For the material below, output exactly the span from the line with "#12 = DIRECTION" to the line with "#64 = EDGE_CURVE", including both, and nothing besides.

**Source material:**
****************

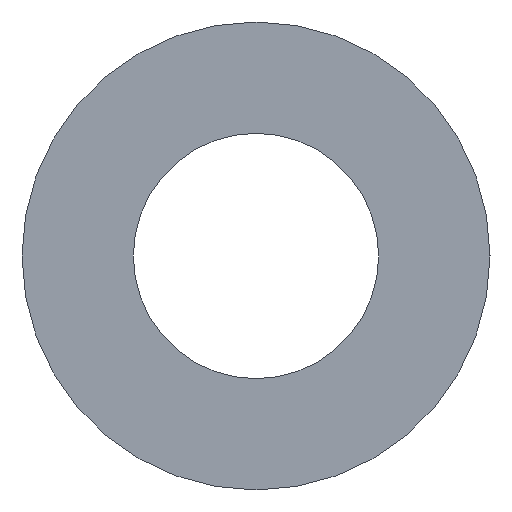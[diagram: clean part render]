
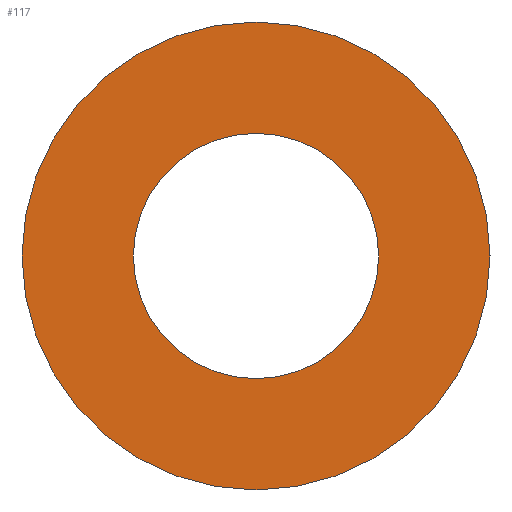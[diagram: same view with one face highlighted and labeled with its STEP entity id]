
A CAD part, left-side view. The second image highlights one B-rep face of the part: STEP entity #117.
In plain terms, the highlighted planar face has unit normal (-1, 0, 0).
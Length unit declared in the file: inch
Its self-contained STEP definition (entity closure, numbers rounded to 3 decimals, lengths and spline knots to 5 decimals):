
#1 = EDGE_CURVE ( 'NONE', #180, #103, #138, .T. ) ;
#10 = CARTESIAN_POINT ( 'NONE',  ( -1.25, 0., 0.098 ) ) ;
#12 = DIRECTION ( 'NONE',  ( 0., 0., -1. ) ) ;
#15 = DIRECTION ( 'NONE',  ( 0., 0., -1. ) ) ;
#25 = AXIS2_PLACEMENT_3D ( 'NONE', #193, #126, #219 ) ;
#28 = DIRECTION ( 'NONE',  ( 0., 0., -1. ) ) ;
#30 = FACE_OUTER_BOUND ( 'NONE', #115, .T. ) ;
#55 = ORIENTED_EDGE ( 'NONE', *, *, #76, .T. ) ;
#64 = EDGE_CURVE ( 'NONE', #120, #195, #201, .T. ) ;
#70 = CARTESIAN_POINT ( 'NONE',  ( -1.25, 0., -0.187 ) ) ;
#76 = EDGE_CURVE ( 'NONE', #195, #120, #160, .T. ) ;
#84 = CARTESIAN_POINT ( 'NONE',  ( -1.25, 0., -0.098 ) ) ;
#86 = EDGE_CURVE ( 'NONE', #103, #180, #182, .T. ) ;
#89 = CARTESIAN_POINT ( 'NONE',  ( -1.25, 0., 0.187 ) ) ;
#95 = EDGE_LOOP ( 'NONE', ( #55, #203 ) ) ;
#103 = VERTEX_POINT ( 'NONE', #89 ) ;
#109 = DIRECTION ( 'NONE',  ( 1., 0., 0. ) ) ;
#111 = DIRECTION ( 'NONE',  ( 1., 0., 0. ) ) ;
#115 = EDGE_LOOP ( 'NONE', ( #118, #164 ) ) ;
#117 = ADVANCED_FACE ( 'NONE', ( #30, #184 ), #179, .F. ) ;
#118 = ORIENTED_EDGE ( 'NONE', *, *, #86, .F. ) ;
#120 = VERTEX_POINT ( 'NONE', #84 ) ;
#126 = DIRECTION ( 'NONE',  ( 1., 0., 0. ) ) ;
#133 = CARTESIAN_POINT ( 'NONE',  ( -1.25, 0., 0. ) ) ;
#138 = CIRCLE ( 'NONE', #145, 0.187 ) ;
#141 = CARTESIAN_POINT ( 'NONE',  ( -1.25, 0., 0. ) ) ;
#145 = AXIS2_PLACEMENT_3D ( 'NONE', #213, #159, #28 ) ;
#150 = DIRECTION ( 'NONE',  ( 1., 0., 0. ) ) ;
#158 = CARTESIAN_POINT ( 'NONE',  ( -1.25, 0., 0. ) ) ;
#159 = DIRECTION ( 'NONE',  ( 1., 0., 0. ) ) ;
#160 = CIRCLE ( 'NONE', #187, 0.098 ) ;
#164 = ORIENTED_EDGE ( 'NONE', *, *, #1, .F. ) ;
#172 = AXIS2_PLACEMENT_3D ( 'NONE', #158, #111, #15 ) ;
#179 = PLANE ( 'NONE',  #202 ) ;
#180 = VERTEX_POINT ( 'NONE', #70 ) ;
#182 = CIRCLE ( 'NONE', #25, 0.187 ) ;
#184 = FACE_BOUND ( 'NONE', #95, .T. ) ;
#187 = AXIS2_PLACEMENT_3D ( 'NONE', #141, #109, #12 ) ;
#193 = CARTESIAN_POINT ( 'NONE',  ( -1.25, 0., 0. ) ) ;
#195 = VERTEX_POINT ( 'NONE', #10 ) ;
#201 = CIRCLE ( 'NONE', #172, 0.098 ) ;
#202 = AXIS2_PLACEMENT_3D ( 'NONE', #133, #150, #206 ) ;
#203 = ORIENTED_EDGE ( 'NONE', *, *, #64, .T. ) ;
#206 = DIRECTION ( 'NONE',  ( 0., 0., -1. ) ) ;
#213 = CARTESIAN_POINT ( 'NONE',  ( -1.25, 0., 0. ) ) ;
#219 = DIRECTION ( 'NONE',  ( 0., 0., -1. ) ) ;

****************

**Solution for this task:**
#12 = DIRECTION ( 'NONE',  ( 0., 0., -1. ) ) ;
#15 = DIRECTION ( 'NONE',  ( 0., 0., -1. ) ) ;
#25 = AXIS2_PLACEMENT_3D ( 'NONE', #193, #126, #219 ) ;
#28 = DIRECTION ( 'NONE',  ( 0., 0., -1. ) ) ;
#30 = FACE_OUTER_BOUND ( 'NONE', #115, .T. ) ;
#55 = ORIENTED_EDGE ( 'NONE', *, *, #76, .T. ) ;
#64 = EDGE_CURVE ( 'NONE', #120, #195, #201, .T. ) ;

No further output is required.